Ce qui nous a également caractérisés en tant qu'auberge de fête, c'est que nous avions une nouvelle fête à thème chaque nuit, y compris Ladies Night, Zoo Project, Circus Party, Glowjob Party, Playboy Party, Karaoke Night, Quiz Night, Wild Bongo Bingo, Full Moon Party ou Game of Thrones. Selon le thème, nous devions également nous habiller en conséquence. Ainsi, lors de ma toute première journée de travail avant le début du shift, il m'a été mentionné que, en raison de la Ladies Night, je devais me déguiser en homme avec un Gender Bender. Ce que je ne savais pas à l'époque, c'était qu'il y aurait chaque semaine un échange de genres et que je n'obtiendrais jamais de jour de congé ce jour-là, au grand amusement de mes collègues. Je n'ai également pas eu de jour de congé pour mon anniversaire ni pour la nuit précédente, ce qui n'était cependant pas grave, car c'était en semaine et nous n'avions donc pas de stress, mais nous pouvions également profiter de la nuit.
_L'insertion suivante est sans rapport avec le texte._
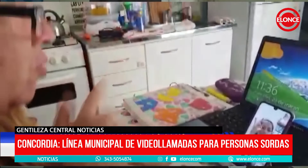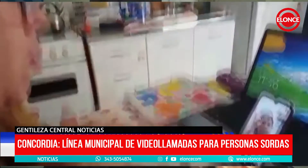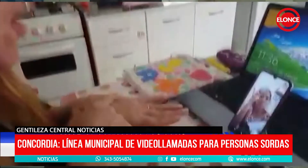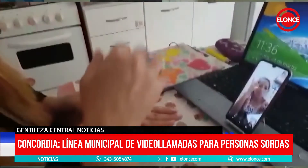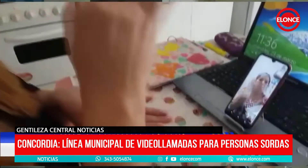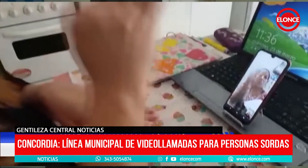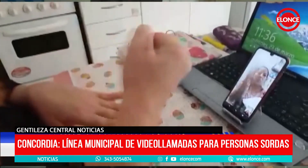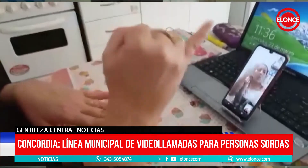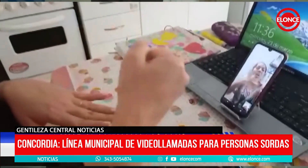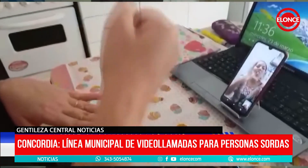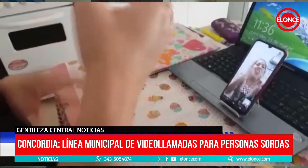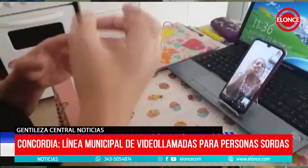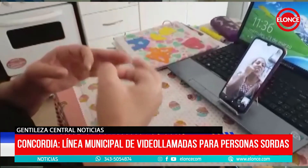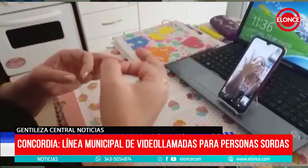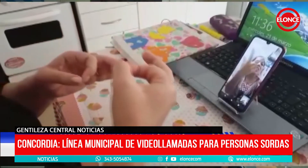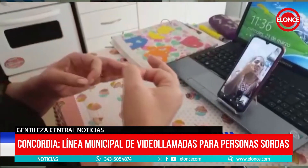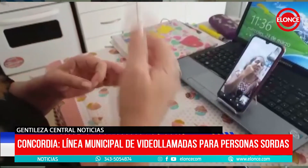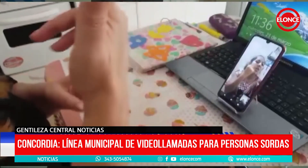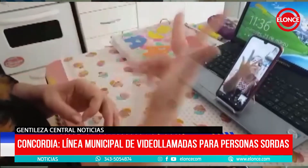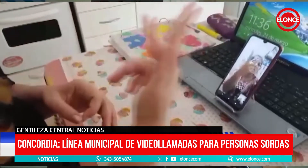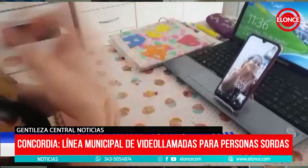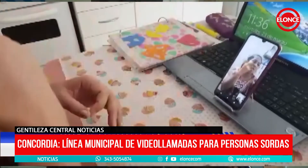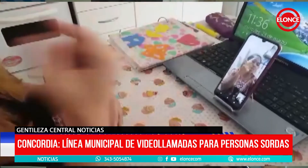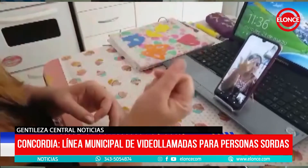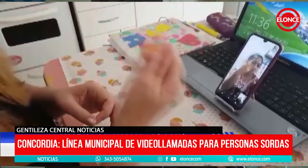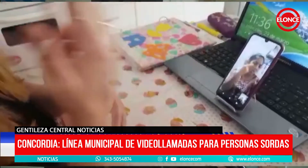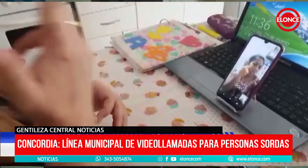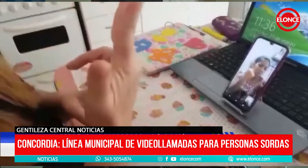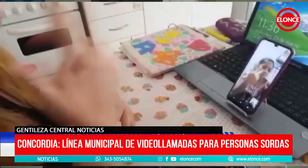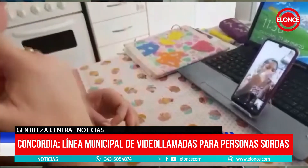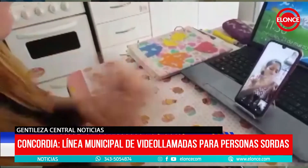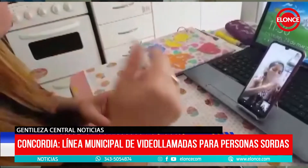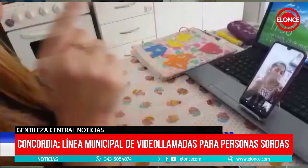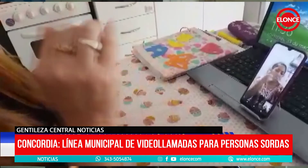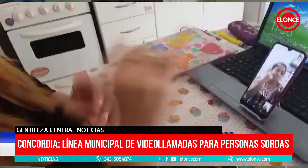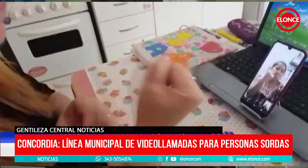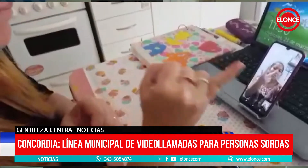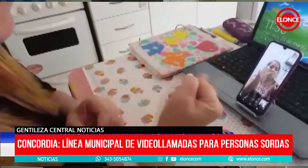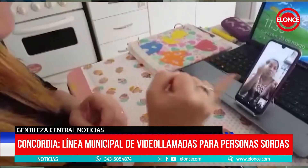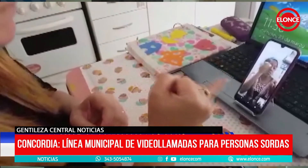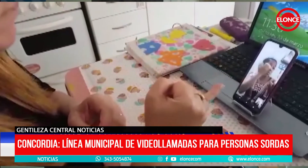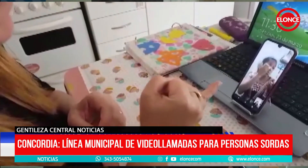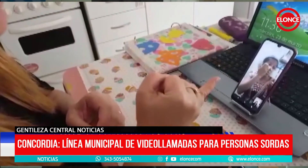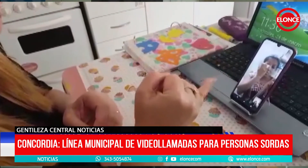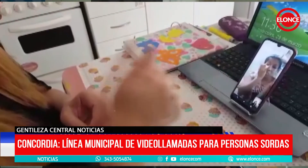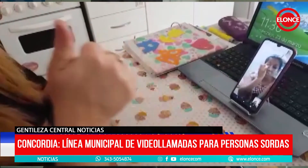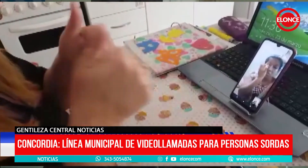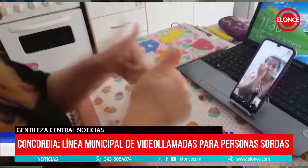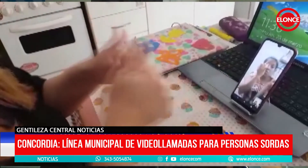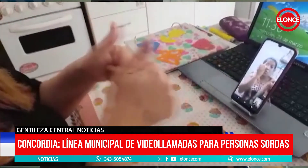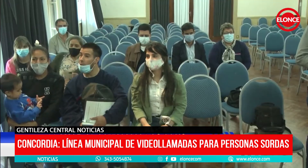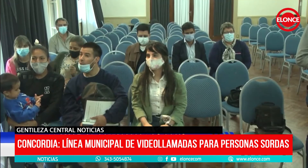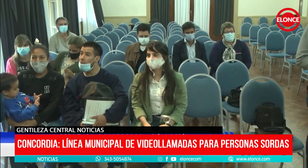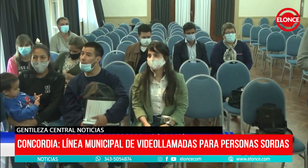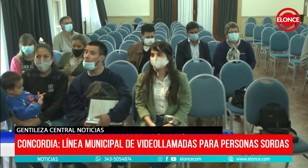doctor, por ejemplo. Exactamente. Nos hacen una videollamada, la persona sorda se comunica conmigo y yo le interpreto al

Ainsi, j'ai pratiquement fêté mon anniversaire avec mes amis et j'ai encore une fois célébré le jour même. À cette occasion, je dois mentionner qu'à mon anniversaire, j'ai même eu le courage de chanter du karaoke. Avec mon amie Danna, j'ai chanté Despacito et j'ai même survécu. En plus de nos talents de karaoke, il y avait aussi d'autres 'événements' ou jeux auxquels on pouvait participer. Pour cela, les invités s'inscrivaient sur une liste. Si aucun invité n'osait écrire son nom en premier sur la liste, des noms d'employés étaient souvent ajoutés pour sembler plus plein. Il m'est donc arrivé parfois de découvrir mon nom sur la liste par hasard, sans m'y être inscrit moi-même, et de devoir participer à des jeux comme 'Chaises musicales' ou au concours de nachos sans mains (je devais y participer). Néanmoins, cela a été amusant chaque fois et j'ai tout autant apprécié le temps passé au Wild Rover Hostel.